**PROBLEM**
The answer must consist solely of the lines from the opening line of the entries through the line with "Q: Is the text bold? A: No.", transcribed exactly and without any pictures.

Segment Start: EXCERPTED RECORDS

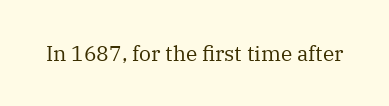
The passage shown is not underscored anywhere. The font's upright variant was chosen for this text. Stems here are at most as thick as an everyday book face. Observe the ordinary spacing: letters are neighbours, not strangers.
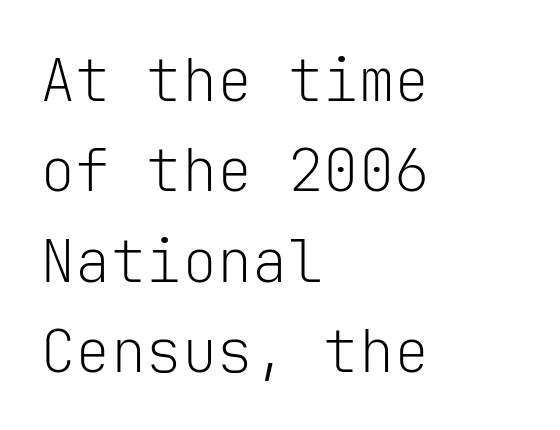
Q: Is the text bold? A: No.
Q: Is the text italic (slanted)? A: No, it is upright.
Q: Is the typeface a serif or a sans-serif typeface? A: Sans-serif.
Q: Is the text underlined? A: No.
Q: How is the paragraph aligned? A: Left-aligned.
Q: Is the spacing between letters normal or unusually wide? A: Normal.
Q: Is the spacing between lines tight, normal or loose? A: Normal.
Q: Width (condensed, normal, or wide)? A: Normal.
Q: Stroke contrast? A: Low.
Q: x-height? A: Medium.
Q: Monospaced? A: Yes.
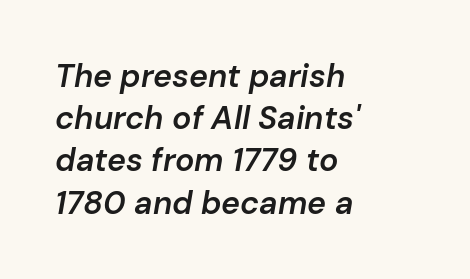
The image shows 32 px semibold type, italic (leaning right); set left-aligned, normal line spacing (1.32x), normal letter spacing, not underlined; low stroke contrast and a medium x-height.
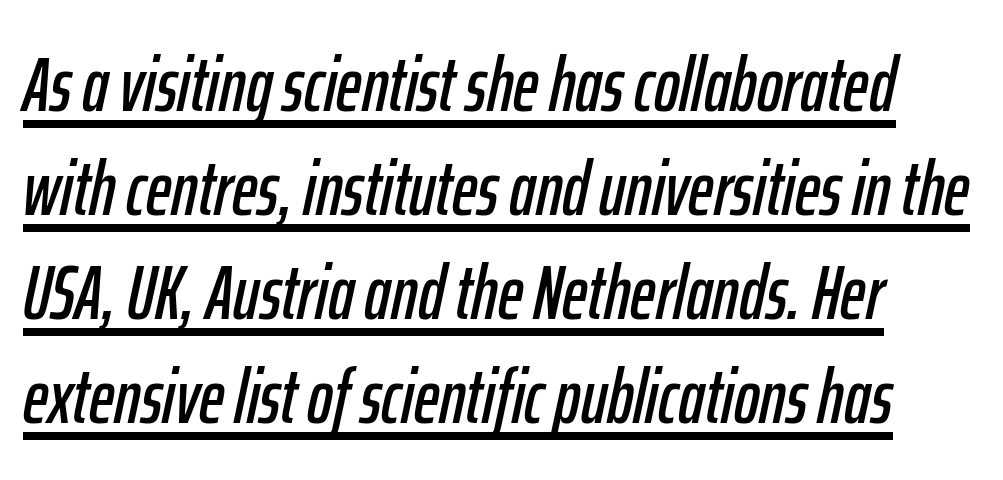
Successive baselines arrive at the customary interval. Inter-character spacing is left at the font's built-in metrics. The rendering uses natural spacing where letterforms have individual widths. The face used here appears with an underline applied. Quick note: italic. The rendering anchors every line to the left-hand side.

Segment End: EXCERPTED RECORDS

**ANSWER BOX**
The passage shown is not underscored anywhere. The font's upright variant was chosen for this text. Stems here are at most as thick as an everyday book face. Observe the ordinary spacing: letters are neighbours, not strangers.
Q: Is the text bold? A: No.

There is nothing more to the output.